◆ **AIM OF THE EXERCISE**:
Across the entries below, how many lines include "cover"? Give the number and nothing else.

◆ **EXERCISE INPUTS**:
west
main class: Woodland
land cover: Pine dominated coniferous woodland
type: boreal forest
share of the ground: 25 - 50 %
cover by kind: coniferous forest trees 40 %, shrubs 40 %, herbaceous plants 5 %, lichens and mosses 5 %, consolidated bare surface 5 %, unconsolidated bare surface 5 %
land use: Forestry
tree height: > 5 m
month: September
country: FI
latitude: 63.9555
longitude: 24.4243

...

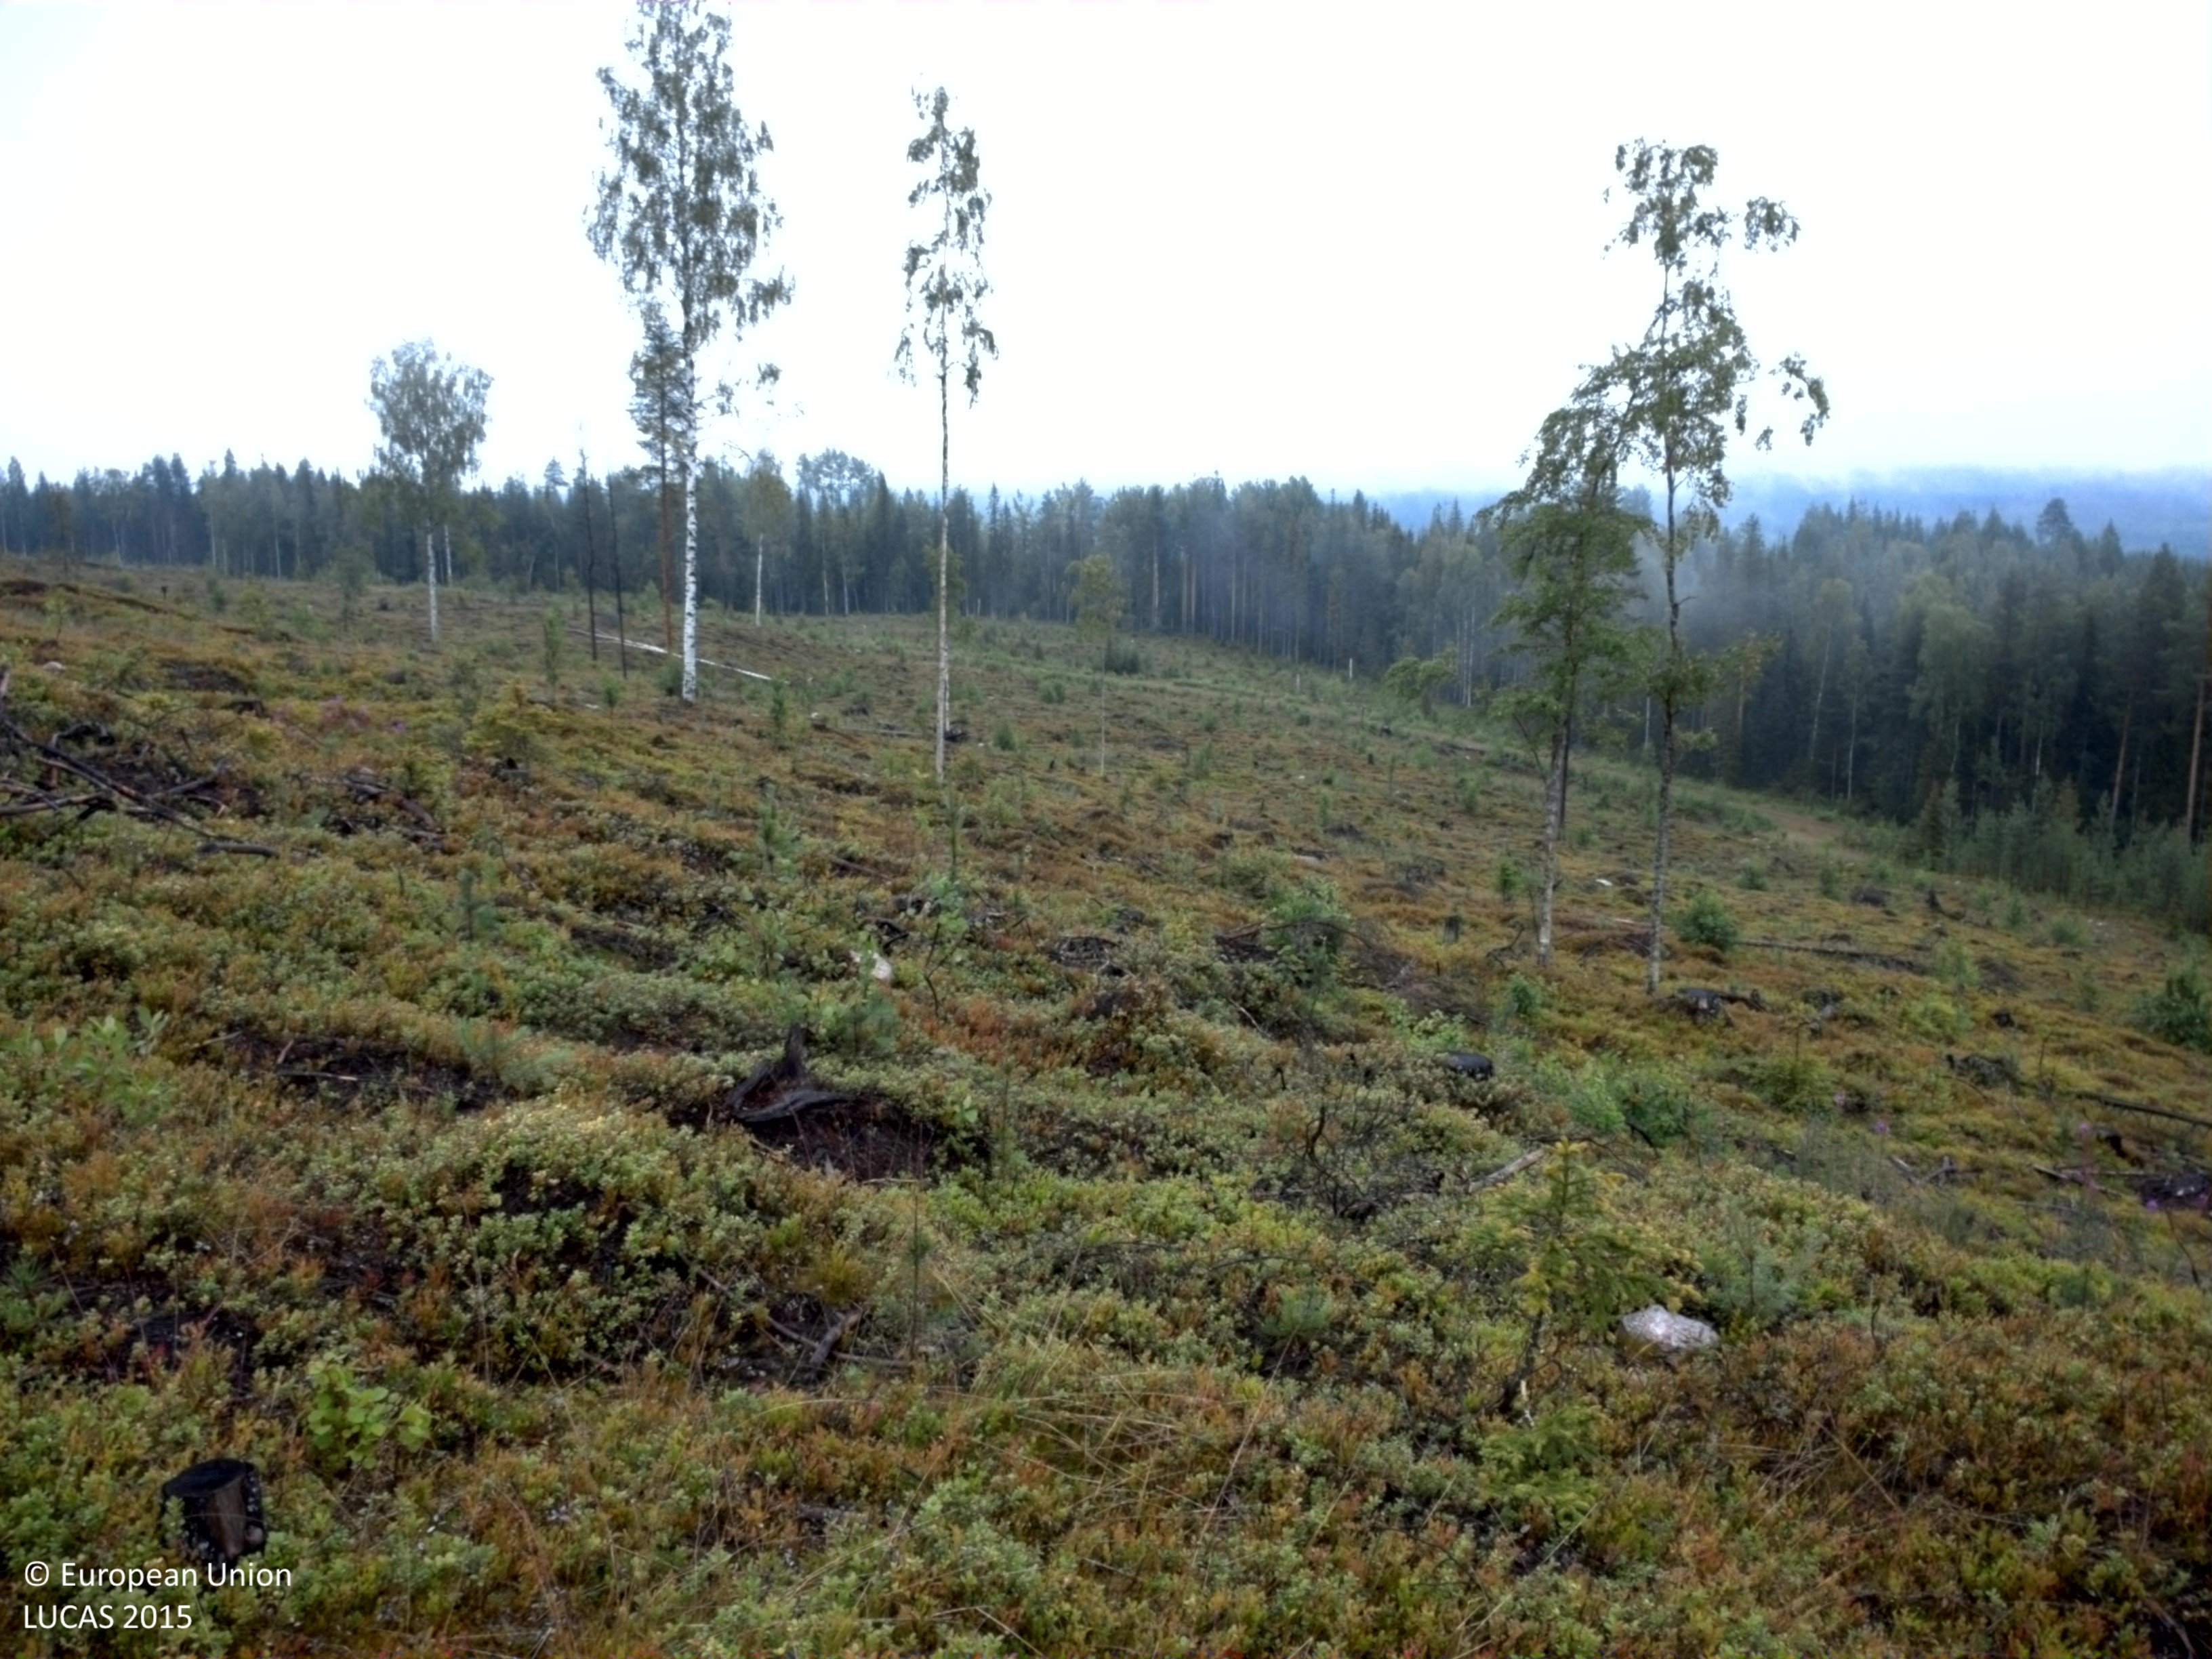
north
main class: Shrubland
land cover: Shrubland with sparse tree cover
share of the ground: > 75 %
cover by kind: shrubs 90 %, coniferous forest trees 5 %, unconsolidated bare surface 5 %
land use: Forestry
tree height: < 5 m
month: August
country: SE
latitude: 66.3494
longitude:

==

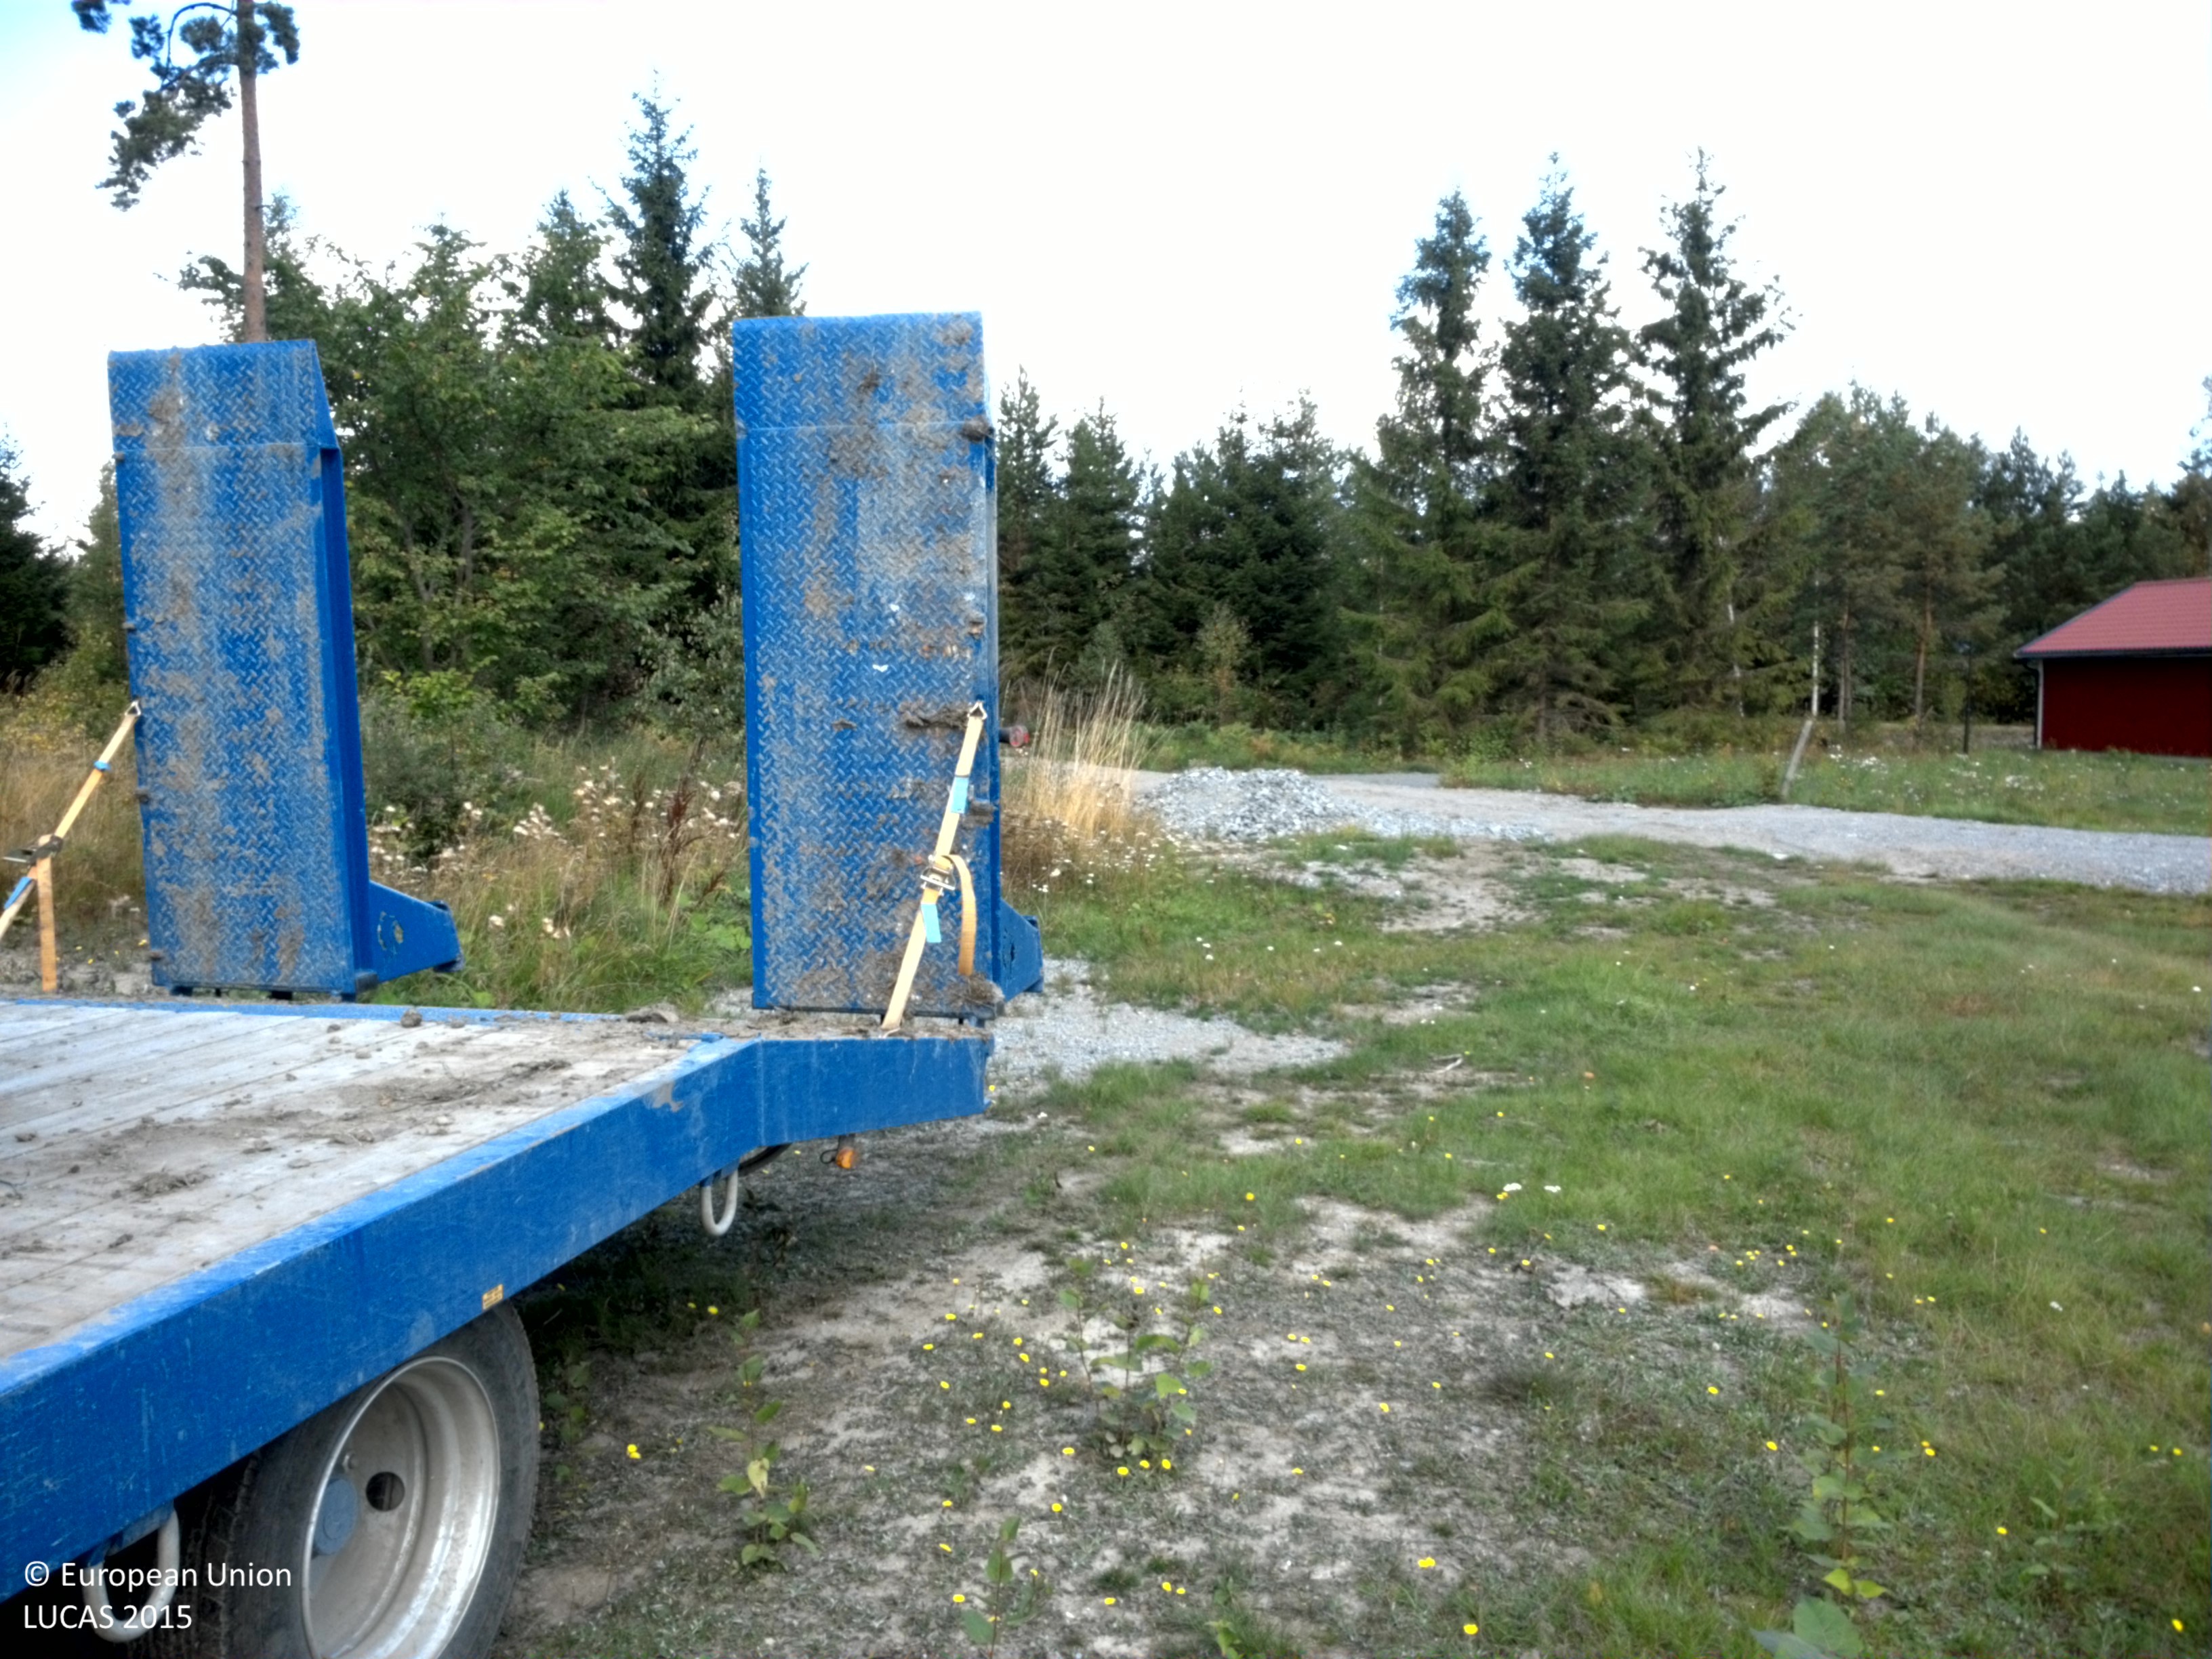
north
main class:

◆ **RESULT OF THIS TASK**:
4